◆ What the task asks: Copy the data that follows, character for character, minus the pictures.

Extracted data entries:
--- --- ---

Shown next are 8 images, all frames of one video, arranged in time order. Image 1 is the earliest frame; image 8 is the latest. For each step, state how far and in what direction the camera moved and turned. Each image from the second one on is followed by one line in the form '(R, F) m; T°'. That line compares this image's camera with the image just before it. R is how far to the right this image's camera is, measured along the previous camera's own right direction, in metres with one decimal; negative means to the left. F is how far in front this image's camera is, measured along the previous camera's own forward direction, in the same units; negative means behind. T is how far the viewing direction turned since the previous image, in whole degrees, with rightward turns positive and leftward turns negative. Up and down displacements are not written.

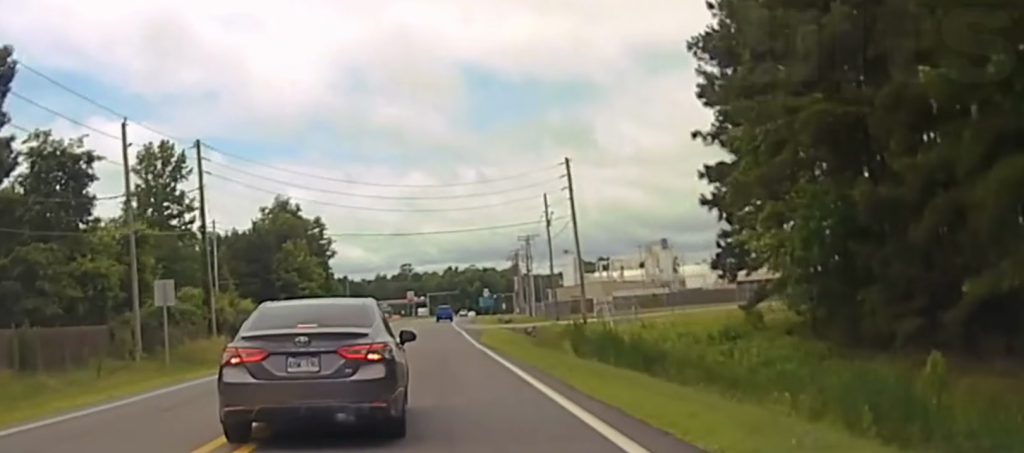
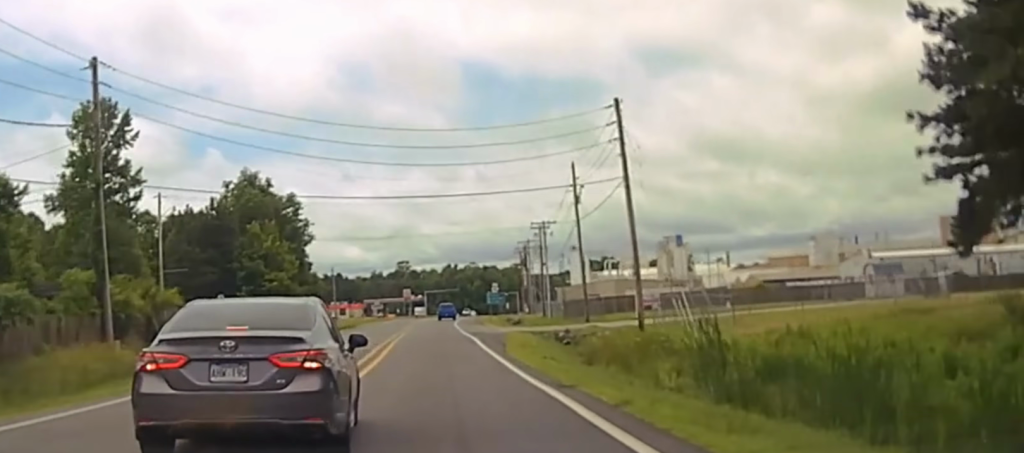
(-0.1, +25.0) m; 0°
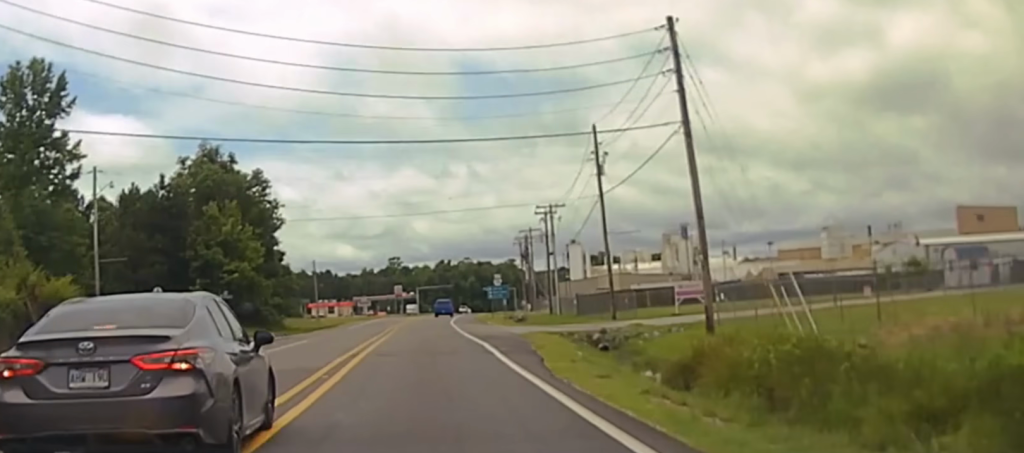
(0.0, +15.1) m; 0°
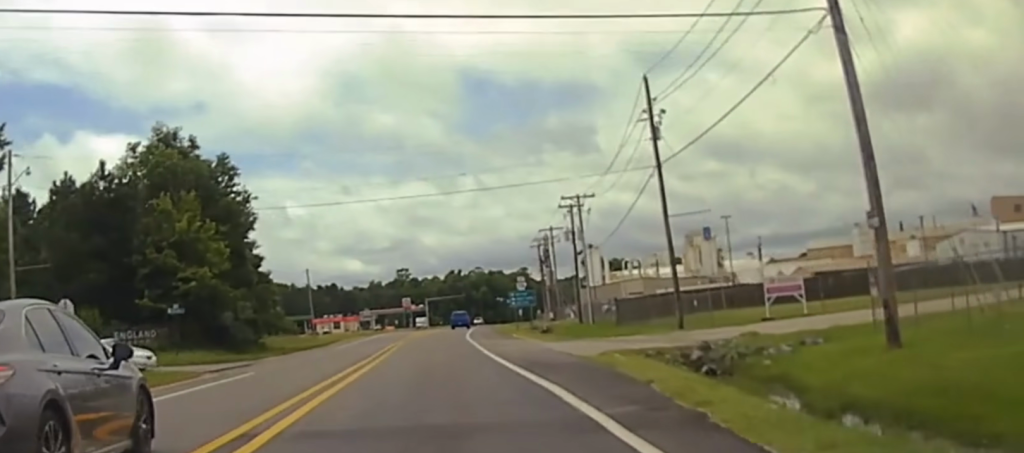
(0.0, +14.9) m; 0°
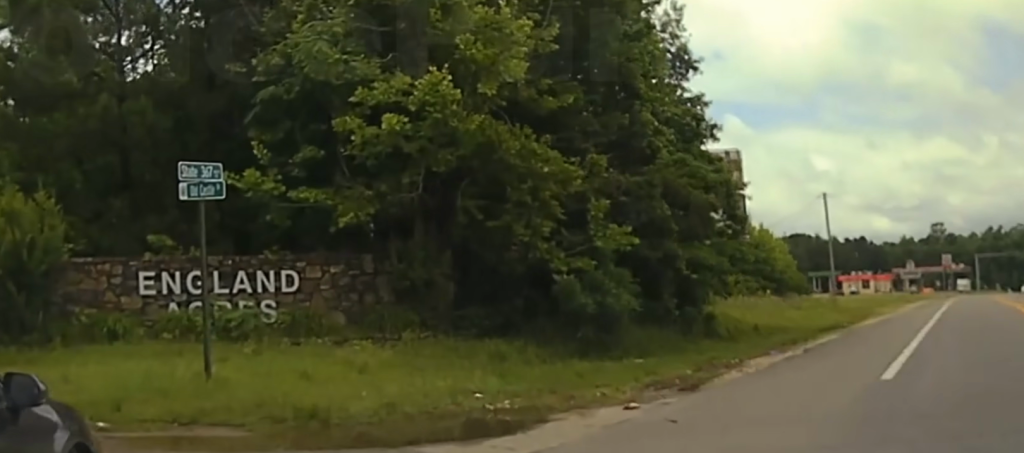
(-2.5, +32.2) m; -26°
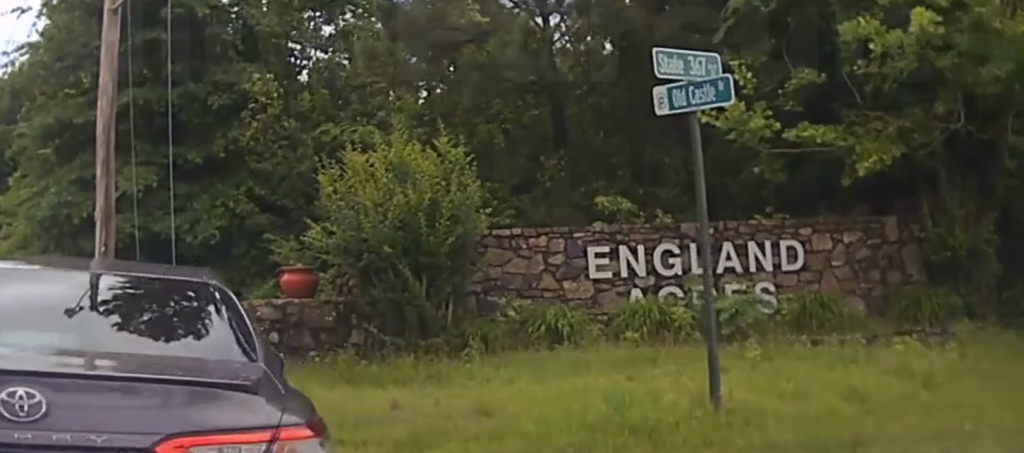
(-1.7, +6.5) m; -39°
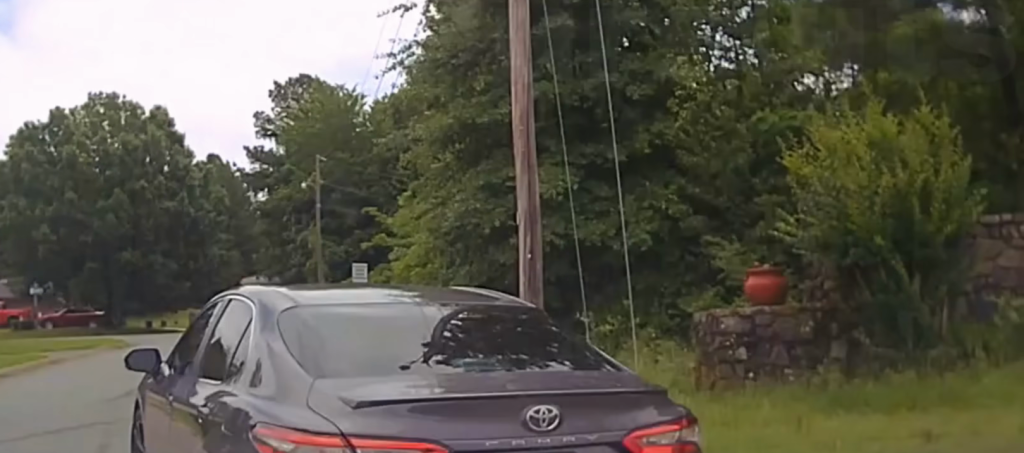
(-1.3, +3.5) m; -17°
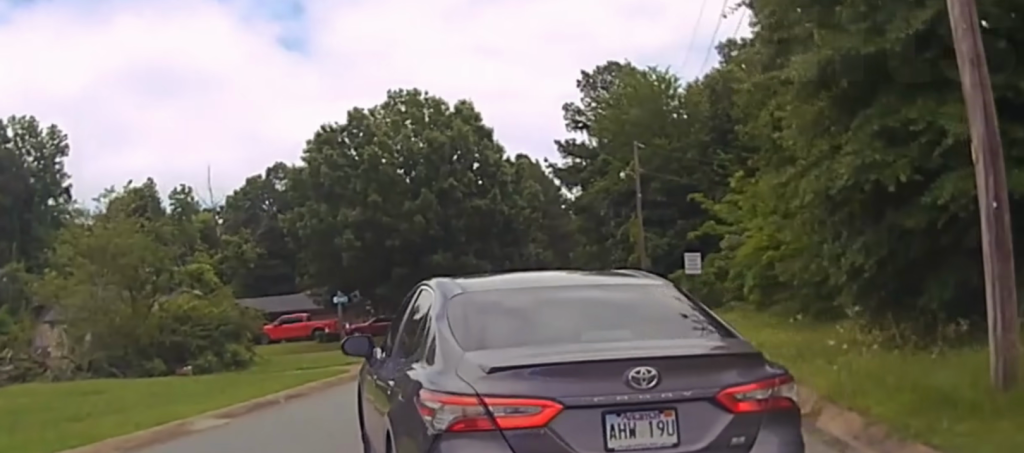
(-1.0, +4.8) m; -13°

--- --- ---

◆ Expected answer:
Shown next are 8 images, all frames of one video, arranged in time order. Image 1 is the earliest frame; image 8 is the latest. For each step, state how far and in what direction the camera moved and turned. Each image from the second one on is followed by one line in the form '(R, F) m; T°'. That line compares this image's camera with the image just before it. R is how far to the right this image's camera is, measured along the previous camera's own right direction, in metres with one decimal; negative means to the left. F is how far in front this image's camera is, measured along the previous camera's own forward direction, in the same units; negative means behind. T is how far the viewing direction turned since the previous image, in whole degrees, with rightward turns positive and leftward turns negative. Up and down displacements are not written.

(-0.1, +25.0) m; 0°
(0.0, +15.1) m; 0°
(0.0, +14.9) m; 0°
(-2.5, +32.2) m; -26°
(-1.7, +6.5) m; -39°
(-1.3, +3.5) m; -17°
(-1.0, +4.8) m; -13°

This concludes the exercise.